LONGEVITY NAYSAYER JOINS UIC SCHOOL OF PUBLIC HEALTH
Noted demographer of aging S. Jay Olshansky from the University of Chicago joins the University of Illinois at Chicago as a professor of epidemiology in the UIC School of Public Health.
Olshansky and his colleagues contributed to the development of a paradigm for understanding mortality known as biodemography. This unusual approach to human aging and longevity draws on the disciplines of demography, evolutionary biology, molecular biology, and population biology, as well as epidemiology, anthropology and sociology.
Susan Scrimshaw, dean of the School of Public Health, recruited Olshansky to strengthen the school's gerontology program, which she says is now probably the strongest gerontology program in any school of public health in the country.
"He's a star, and UIC is recruiting stars," Scrimshaw said. "We are very excited about the quality and nature of his research. This research is critical to major public policy decisions, such as how much we should expect to spend on healthcare and how much funding will be needed for Social Security."
Olshansky said he came to UIC because it's an "outstanding school and is providing me with an opportunity to work with good people who, like me, are engaged in important public health research; to explore new interdisciplinary collaborations; and to teach. It's just a very good overall environment for doing what I do."
Olshansky's research on the upper limits to human longevity shows that humans are not well evolved for long life and that there are limits to what modern science can do to extend the human lifespan. His findings question the value of products and programs claiming to slow aging and extend life. They also put a damper on the hype surrounding a growing body of scientific research on human longevity. "Will this research improve the quality of our lives as we get older? Yes," Olshansky says. "Will it make us live longer? No. Will it benefit our children and grandchildren? Yes."
Olshansky is the lead author of the new book "The Quest for Immortality: Science at the Frontiers of Aging," which will be released by Norton in January. The book, written with coauthor Bruce A. Carnes of the University of Chicago, provides a comprehensive account of the real science of aging, from a historical overview of religious and philosophical thinking about aging and death, to the biology of aging, including the future of genetic engineering. His article, "Anatomical Oddities and Design Flaws in the Human Body" is soon to appear in Scientific American.

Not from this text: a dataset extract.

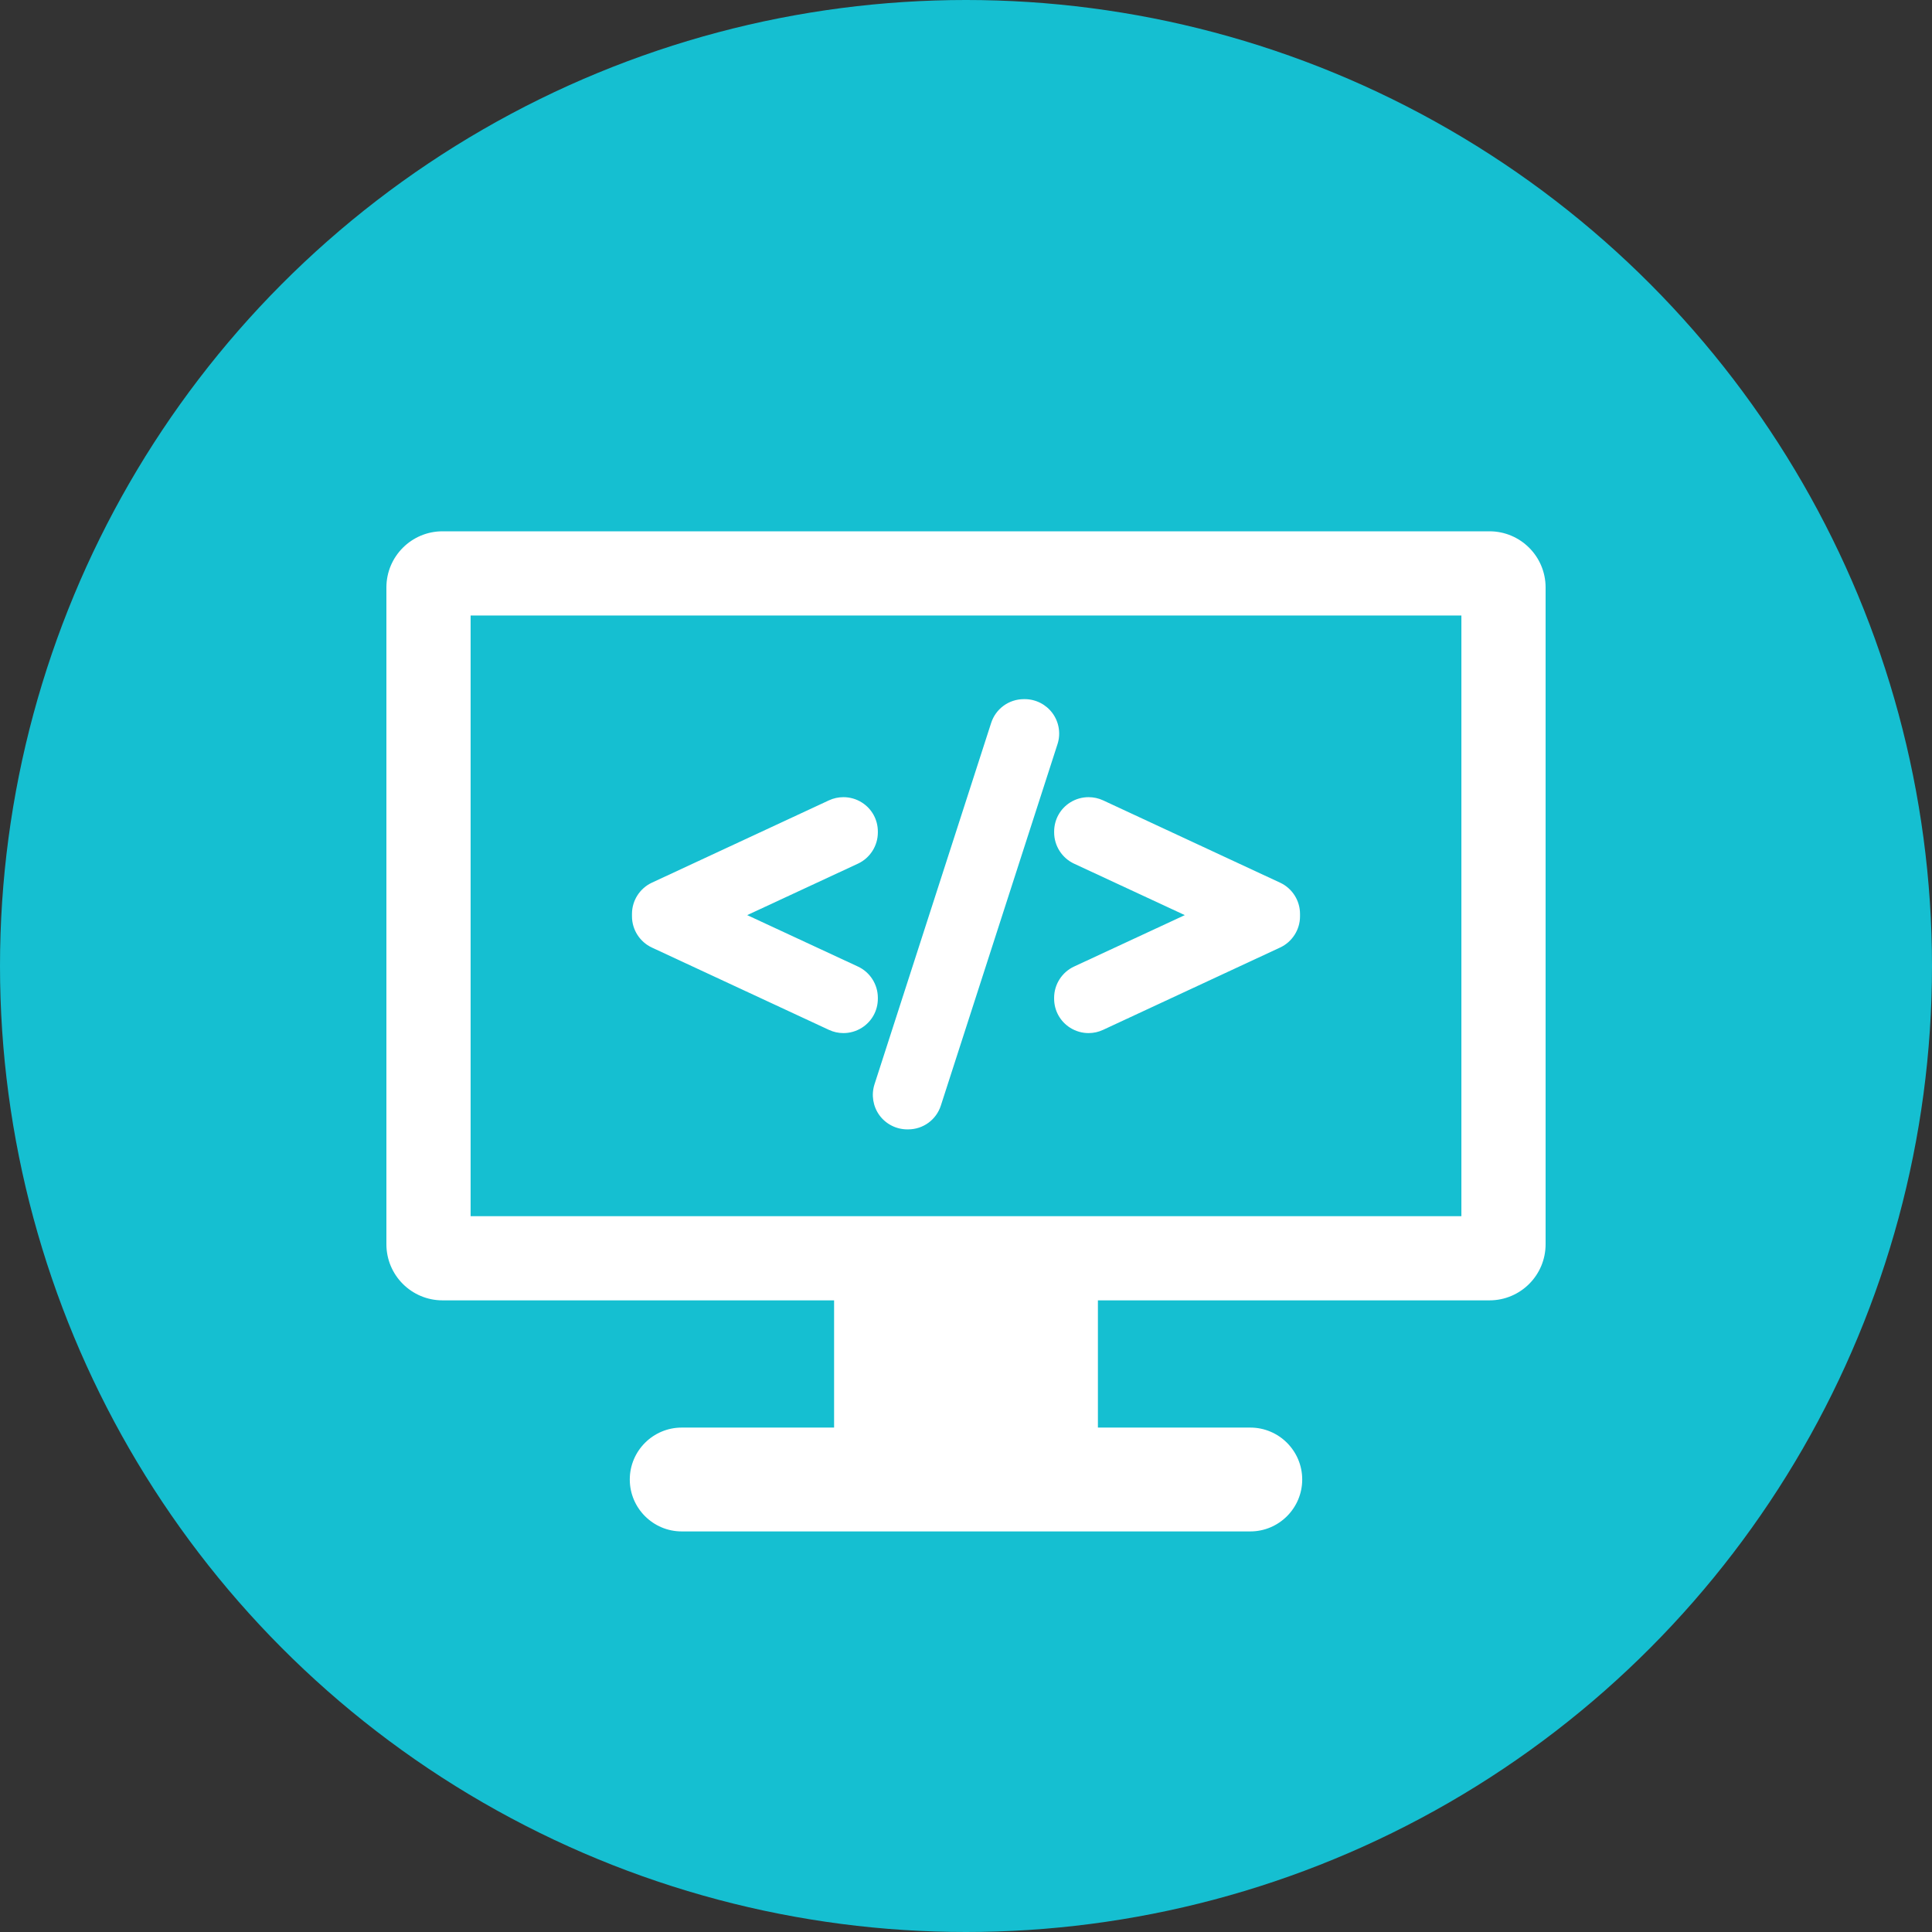 <?xml version="1.0" encoding="UTF-8"?> <svg xmlns="http://www.w3.org/2000/svg" width="80" height="80" viewBox="0 0 80 80" fill="none"><rect x="0" y="0" width="80" height="80" fill="#333333" stroke="none"/> <circle cx="40" cy="40" r="40" fill="#15BFD1"></circle> <path d="M61.675 22H18.325C17.041 22 16 23.041 16 24.325V51.521C16 52.805 17.041 53.845 18.325 53.845H34.538V59.113H28.229C27.043 59.113 26.078 60.077 26.078 61.263C26.078 62.448 27.043 63.413 28.229 63.413H51.772C52.957 63.413 53.922 62.448 53.922 61.263C53.922 60.077 52.957 59.113 51.772 59.113H45.462V53.845H61.675C62.959 53.845 64 52.805 64 51.521V24.325C64 23.041 62.959 22 61.675 22ZM60.513 50.359H19.487V25.487H60.513V50.359Z" fill="white"></path> <path d="M26.993 39.236L34.325 42.645C34.515 42.733 34.716 42.778 34.925 42.778C35.197 42.778 35.462 42.7 35.692 42.554C36.104 42.291 36.35 41.842 36.35 41.353V41.316C36.35 40.763 36.027 40.256 35.526 40.023L30.94 37.893L35.526 35.762C36.027 35.529 36.35 35.022 36.35 34.47V34.433C36.35 33.943 36.104 33.494 35.692 33.232C35.464 33.086 35.198 33.009 34.924 33.009C34.717 33.009 34.51 33.054 34.324 33.141L26.993 36.55C26.492 36.783 26.169 37.29 26.169 37.842V37.944C26.169 38.495 26.492 39.002 26.993 39.236Z" fill="white"></path> <path d="M36.416 46.181C36.684 46.547 37.114 46.765 37.567 46.765H37.604C38.226 46.765 38.771 46.367 38.96 45.775L43.79 30.81C43.929 30.378 43.852 29.902 43.584 29.535C43.317 29.169 42.887 28.95 42.434 28.95H42.397C41.775 28.95 41.229 29.348 41.04 29.94L36.209 44.906C36.072 45.339 36.149 45.815 36.416 46.181Z" fill="white"></path> <path d="M43.65 34.47C43.65 35.021 43.973 35.529 44.474 35.762L49.06 37.893L44.474 40.023C43.973 40.256 43.649 40.763 43.649 41.315V41.353C43.649 41.842 43.895 42.291 44.308 42.554C44.538 42.7 44.803 42.778 45.075 42.778C45.283 42.778 45.485 42.733 45.675 42.645L53.007 39.235C53.508 39.002 53.831 38.495 53.831 37.944V37.842C53.831 37.29 53.508 36.782 53.007 36.55L45.675 33.14C45.49 33.054 45.283 33.009 45.076 33.009C44.802 33.009 44.537 33.086 44.309 33.231C43.896 33.494 43.65 33.943 43.65 34.432V34.47Z" fill="white"></path> </svg>

Olshansky has received two five-year Independent Science Awards from the National Institute on Aging, allowing him to train in the fields of evolutionary biology, molecular biology, population biology, anthropology, epidemiology, and statistics. Olshansky also is the recipient of the institute's Special Emphasis Research Career Award. The U.S. Social Security Administration, Department of Energy and NASA also fund research conducted by Olshansky and his colleagues.
Olshansky is the president of the Society for the Study of Social Biology, associate editor of the Journal of Gerontology: Biological Science and Biogerontology, and a member of the American Association for the Advancement of Science and the New York Academy of Sciences. He is the author and co-author of dozens of articles in scientific journals and book.
Prior to joining UIC, Olshansky, 46, was a senior research associate at the Center on Aging and a research associate in the department of medicine, both at the University of Chicago, and a scientist at Argonne National Laboratory. He holds a doctorate (1984) and master's degree (1982) in sociology from the University of Chicago. He holds a bachelor's degree (1975) in psychology from Michigan State University.
With 25,000 students, the University of Illinois at Chicago is the largest and most diverse university in the Chicago area and one of only 88 national Research I universities. Located just west of Chicago's Loop, UIC is a vital part of the educational, technological and cultural fabric of the entire metropolitan region.